Data Quality and “Damn You, Auto Correct!”

This past week a Georgia high school student sent a text message that was supposed to read “gunna be at west hall today”.  Unfortunately the auto-correct feature on his smart phone changed the first word to “gunman”.  To make matters worse, he evidently fat fingered the address he sent the text to so the person receiving it didn’t know who he was so they took the appropriate cautionary step and contacted the police.  The result?  A high school was shut down for a few hours until things were straightened out.

There are so many directions to go with this.  We could focus on the auto-correct feature and how this tool seems to have caused much frustration and laughter by automatically mistyping things for people – though I do question how many items at a site like “damnyouautocorrect.com” (DYAC) are truly accidental.  Or we could focus on the myriad of interesting things I found while researching this blog.  How about the site that teaches you How to Make Siri Curse Like a Sailor (careful if you are easily offended) or Tips to Add Words to iPhone’s Dictionary (for older versions of iPhone) and iOS 5: How to add words to the auto-correct dictionary for iOS5.  Or, if you like the way the Android presents predictive text with the keyboard bar, Enable iOS 5’s Android-Like Autocorrect Keyboard Without Jailbreak does just what it says it does.

Or we could discuss the fat fingering of the address.  This actually is of most interest to me.  I’ve researched keystroke error rates in the computer space before and concluded the average typist fat fingers a keystroke about 5% of the time while professionals might do so 1%-2% of the time.  The thing about these percentages is they can be very deceiving.  5% error rates can explode in the wrong situations.  For instance, imagine a 10 character-long field.  If you had to fill that field in 10 times and you averaged 5% error rate in your typing, the best effective ongoing error rate you could achieve would be 10% because across 10 fields you make all the errors in one field (5 of the 10 characters are wrong in that one field) but all the other fields are correct.  1 in 10 fields being incorrect is a 10% error rate.

At worst your effective error rate would be 50%.  This would occur if you made one keystroke error in each of 5 fields since you will be typing 100 characters and you have a 5% error rate.  If 5 of 10 fields each have 1 error, your overall error rate across the fields is 50%.  Corporate data can go really bad really quickly in this scenario.  Of course most systems have found ways to limit these types of issues through check boxes and drop-down lists and other validations.  But sometimes data entry can’t be avoided.  Entering customer contact information is one such situation.  Get 5 in 10 email addresses wrong and there goes your email marketing campaign.  Even if you are careful error rates can be significant.  I read a study some time ago that indicated that careful typists often catch their mistakes, so professionals usually average only 1 in 300 unfound errors.  That’s much better, but still can translate into problems for your enterprise.  Using the same 10 character field, 1 in 300 errors would equate to 1 in 30 fields being erroneous.  That’s over 3% – still pretty bad, but I know some organizations that would love to have data quality problems with only 3% of their data.

So this, now, brings me back to where we started.  I’ve got to believe that without autocorrect, the keystroke error rates on smart phones is significantly higher than it otherwise would be.  Typing on those tiny keyboards is always a pain for me.    I’ve found on my phone that the right place to touch in order to get the letter I want is just to the left of the letter – not right on it.  I’m constantly back-spacing and retyping.  Perhaps this is why there are so many bizarre autocorrect examples in the world (no, I’m not saying I’m responsible for all of them – just that other people must have similar challenges to mine, don’t they?).  I miss the Blackberry keypad!

I think organizations should be very wary of leveraging smart phones for serious business apps that require data entry, unless they have extremely strong user data validation methodologies.

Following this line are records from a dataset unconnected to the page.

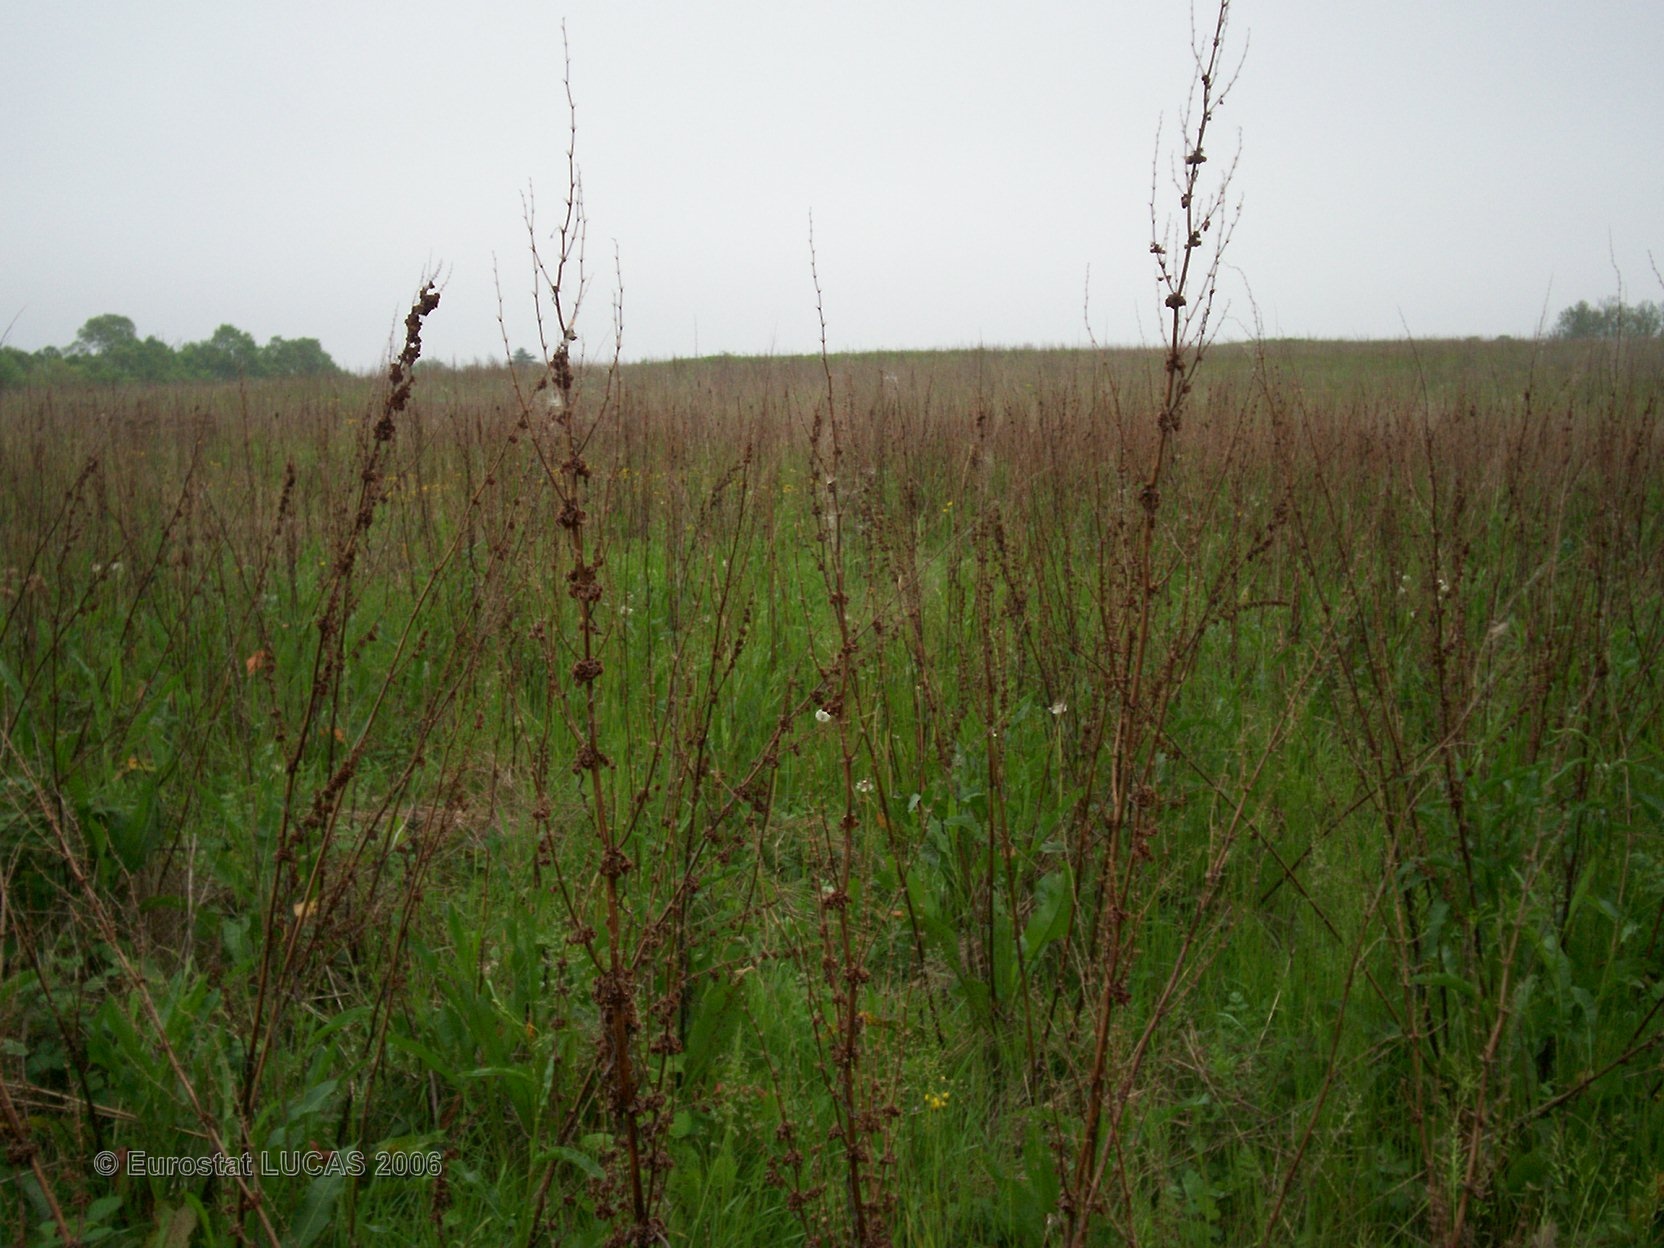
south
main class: Grassland
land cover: Grassland without tree/shrub cover
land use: Fallow land
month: April
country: FR
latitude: 44.2039
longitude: 0.8989
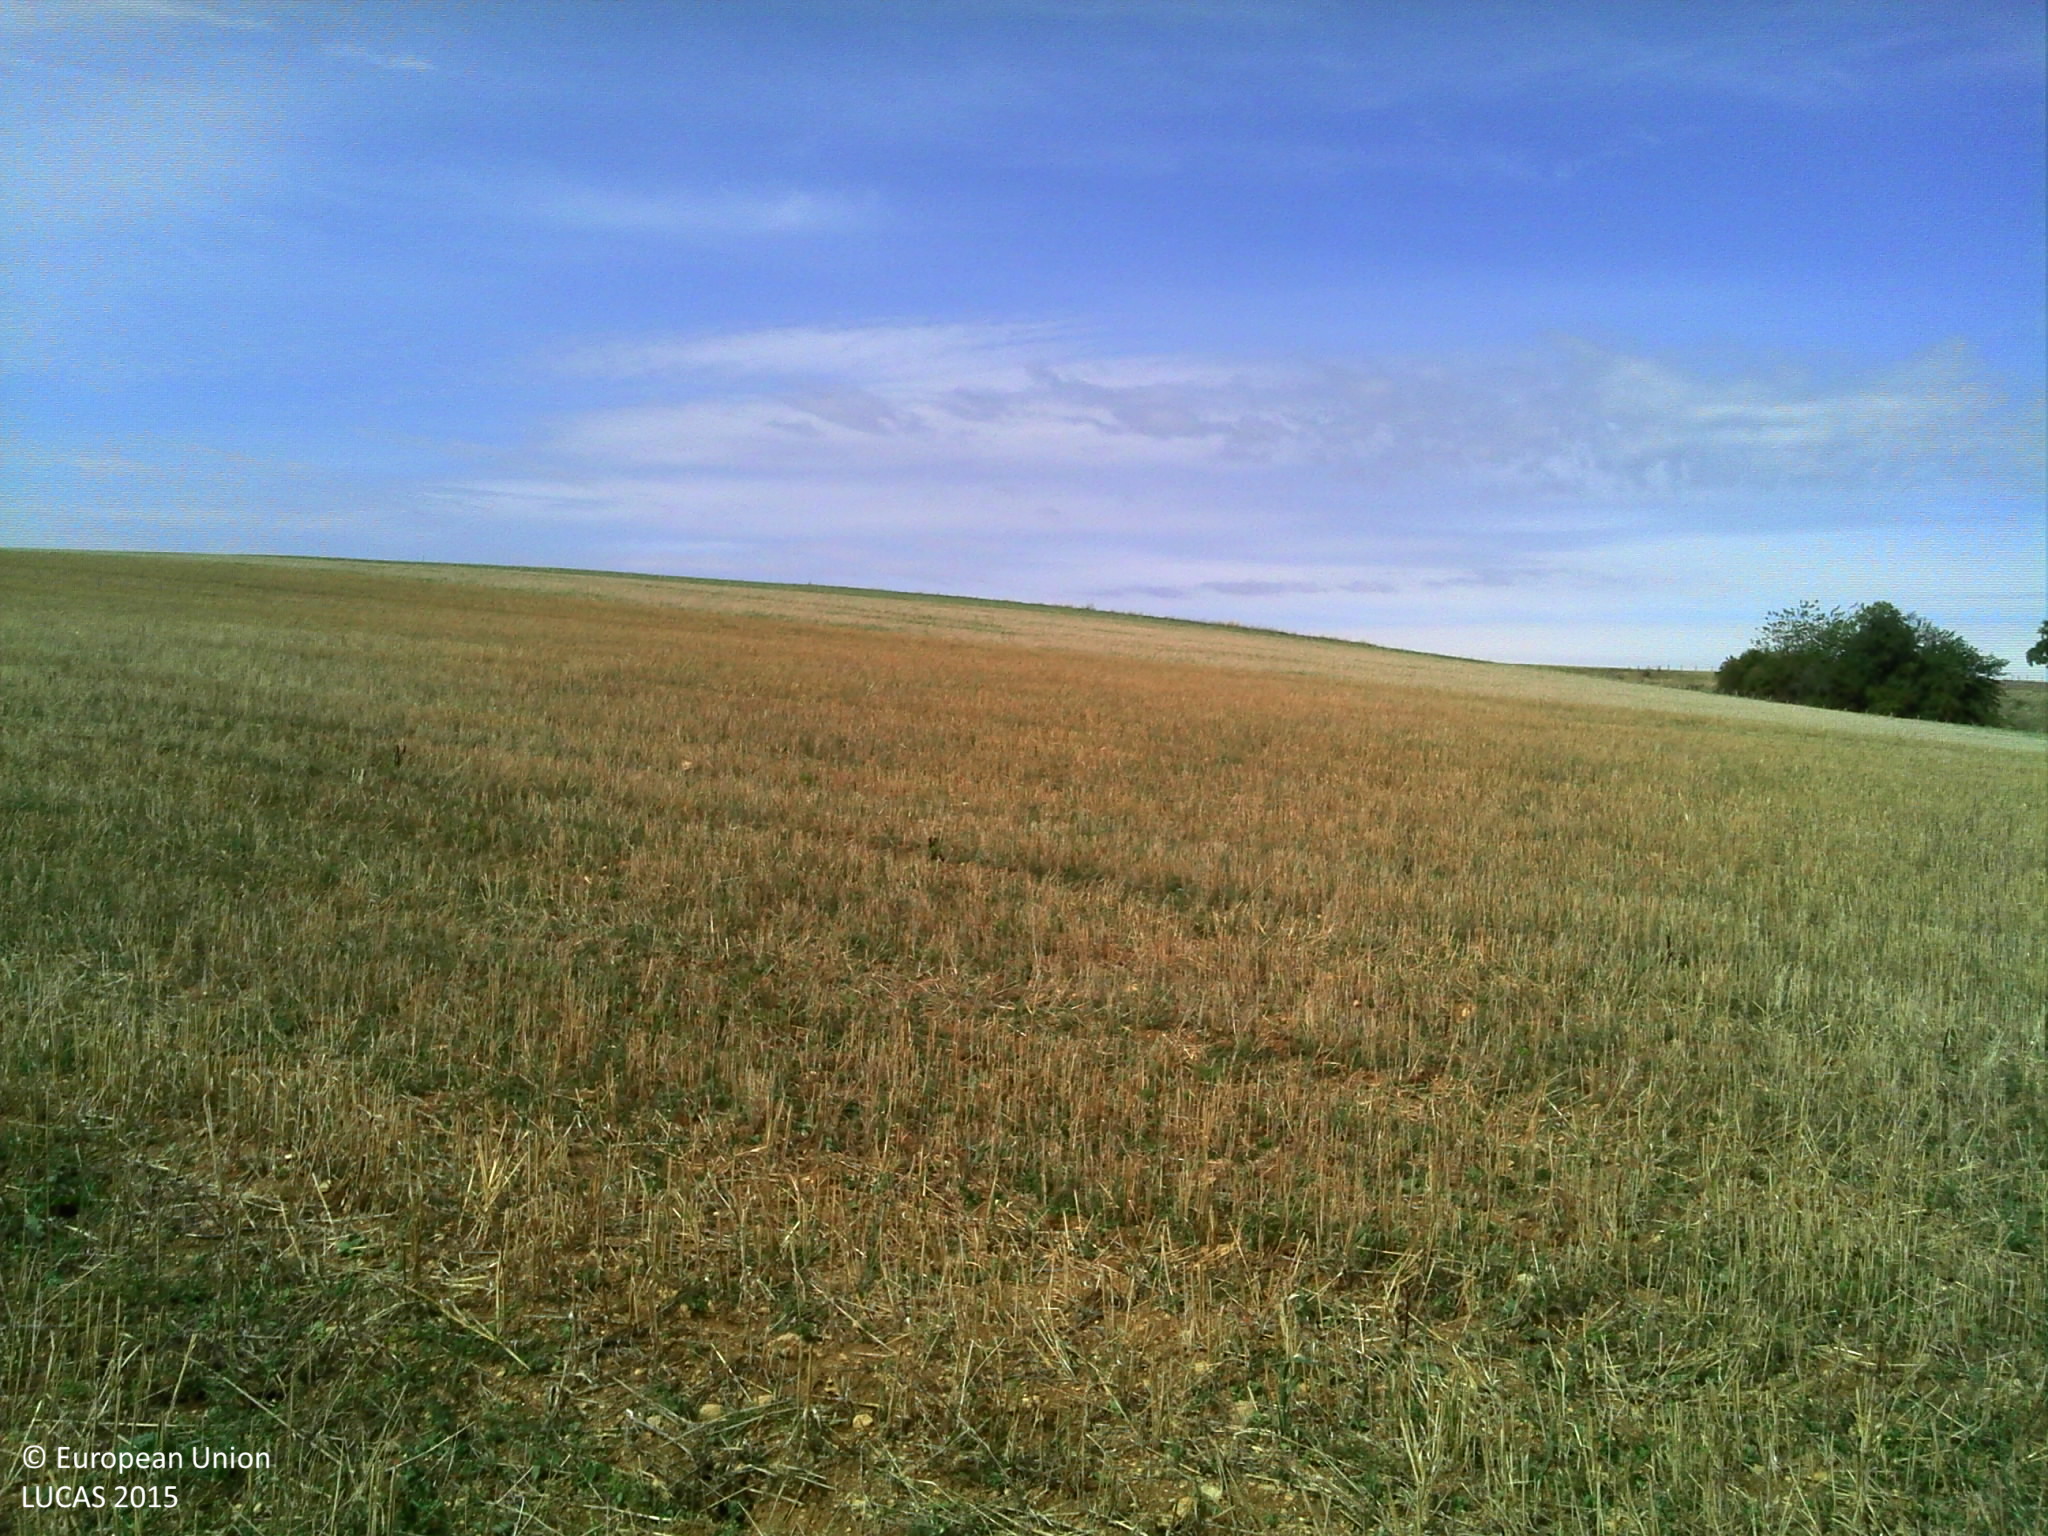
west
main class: Cropland
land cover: Oats
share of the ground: > 75 %
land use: Agriculture (excluding fallow land and kitchen gardens)
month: August
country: FR
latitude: 47.6572
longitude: 4.9534

Because I expect few developers to be so vigilant in their app development, I believe the future could bring some very unfortunate results from using business apps on smart phones.  While DYAC entries sure can be funny (warning, they can also be quite vulgar) the same errors in business transactions could be catastrophic for your enterprise.  Imagine things going terribly wrong and facing a lawsuit and having to use the “damnyouautocorrect” defense.  You might end up in a much worse situation than a couple hours of high school lockdown.